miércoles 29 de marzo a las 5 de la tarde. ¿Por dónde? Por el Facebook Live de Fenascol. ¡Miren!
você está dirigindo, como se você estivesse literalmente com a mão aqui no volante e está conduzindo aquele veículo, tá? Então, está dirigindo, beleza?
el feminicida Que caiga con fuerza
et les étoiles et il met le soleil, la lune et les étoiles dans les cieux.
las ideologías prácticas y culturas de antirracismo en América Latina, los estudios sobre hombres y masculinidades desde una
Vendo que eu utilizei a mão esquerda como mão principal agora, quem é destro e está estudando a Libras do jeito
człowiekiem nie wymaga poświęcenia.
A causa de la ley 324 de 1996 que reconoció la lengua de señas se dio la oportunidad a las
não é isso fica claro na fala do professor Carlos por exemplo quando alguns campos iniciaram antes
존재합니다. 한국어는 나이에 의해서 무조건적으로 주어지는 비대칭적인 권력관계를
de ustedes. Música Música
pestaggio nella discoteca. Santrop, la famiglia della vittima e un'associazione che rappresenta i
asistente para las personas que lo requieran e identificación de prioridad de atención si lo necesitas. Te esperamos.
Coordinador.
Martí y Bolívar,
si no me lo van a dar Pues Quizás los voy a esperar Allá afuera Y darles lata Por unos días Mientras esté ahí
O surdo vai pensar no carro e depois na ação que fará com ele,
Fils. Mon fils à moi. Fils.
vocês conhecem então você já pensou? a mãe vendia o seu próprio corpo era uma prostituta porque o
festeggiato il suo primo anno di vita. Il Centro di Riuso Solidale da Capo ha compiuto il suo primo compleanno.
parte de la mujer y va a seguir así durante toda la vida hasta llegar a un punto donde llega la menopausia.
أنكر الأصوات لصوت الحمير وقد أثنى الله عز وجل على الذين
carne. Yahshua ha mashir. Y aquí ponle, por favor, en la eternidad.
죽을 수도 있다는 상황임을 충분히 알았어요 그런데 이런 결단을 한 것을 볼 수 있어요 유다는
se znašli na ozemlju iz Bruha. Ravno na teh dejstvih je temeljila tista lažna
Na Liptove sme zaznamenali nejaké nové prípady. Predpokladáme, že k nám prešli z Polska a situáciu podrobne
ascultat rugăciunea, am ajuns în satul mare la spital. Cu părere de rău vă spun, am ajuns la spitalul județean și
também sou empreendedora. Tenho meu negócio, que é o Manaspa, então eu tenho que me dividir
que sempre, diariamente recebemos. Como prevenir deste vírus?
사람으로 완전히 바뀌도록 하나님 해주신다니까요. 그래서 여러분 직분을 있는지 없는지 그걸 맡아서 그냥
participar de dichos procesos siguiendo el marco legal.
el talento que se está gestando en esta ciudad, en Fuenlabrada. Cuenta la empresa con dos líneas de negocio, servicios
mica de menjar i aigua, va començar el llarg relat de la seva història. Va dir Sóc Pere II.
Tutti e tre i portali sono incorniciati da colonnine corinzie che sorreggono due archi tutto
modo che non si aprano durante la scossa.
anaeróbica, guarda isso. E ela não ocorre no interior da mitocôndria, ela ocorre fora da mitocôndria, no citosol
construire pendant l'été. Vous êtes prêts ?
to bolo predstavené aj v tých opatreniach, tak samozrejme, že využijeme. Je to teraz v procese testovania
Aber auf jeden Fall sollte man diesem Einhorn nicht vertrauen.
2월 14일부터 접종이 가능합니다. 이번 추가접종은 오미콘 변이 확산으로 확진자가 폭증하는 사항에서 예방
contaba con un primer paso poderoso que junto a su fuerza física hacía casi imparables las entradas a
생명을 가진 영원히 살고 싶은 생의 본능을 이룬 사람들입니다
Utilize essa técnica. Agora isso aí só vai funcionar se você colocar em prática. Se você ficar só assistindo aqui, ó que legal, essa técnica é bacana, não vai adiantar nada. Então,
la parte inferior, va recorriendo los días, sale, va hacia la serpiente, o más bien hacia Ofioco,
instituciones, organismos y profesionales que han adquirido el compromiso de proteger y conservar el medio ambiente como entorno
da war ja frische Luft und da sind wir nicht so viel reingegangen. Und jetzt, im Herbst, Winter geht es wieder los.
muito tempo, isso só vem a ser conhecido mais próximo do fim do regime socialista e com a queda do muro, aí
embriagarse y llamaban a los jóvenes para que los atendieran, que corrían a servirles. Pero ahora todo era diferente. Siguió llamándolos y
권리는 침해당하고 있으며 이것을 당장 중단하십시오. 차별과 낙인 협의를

* * *

WHAT IS EXPECTED
Pick out, from the lines above, every one that contains the string "fuerza".

COMPLETED TASK
el feminicida Que caiga con fuerza
contaba con un primer paso poderoso que junto a su fuerza física hacía casi imparables las entradas a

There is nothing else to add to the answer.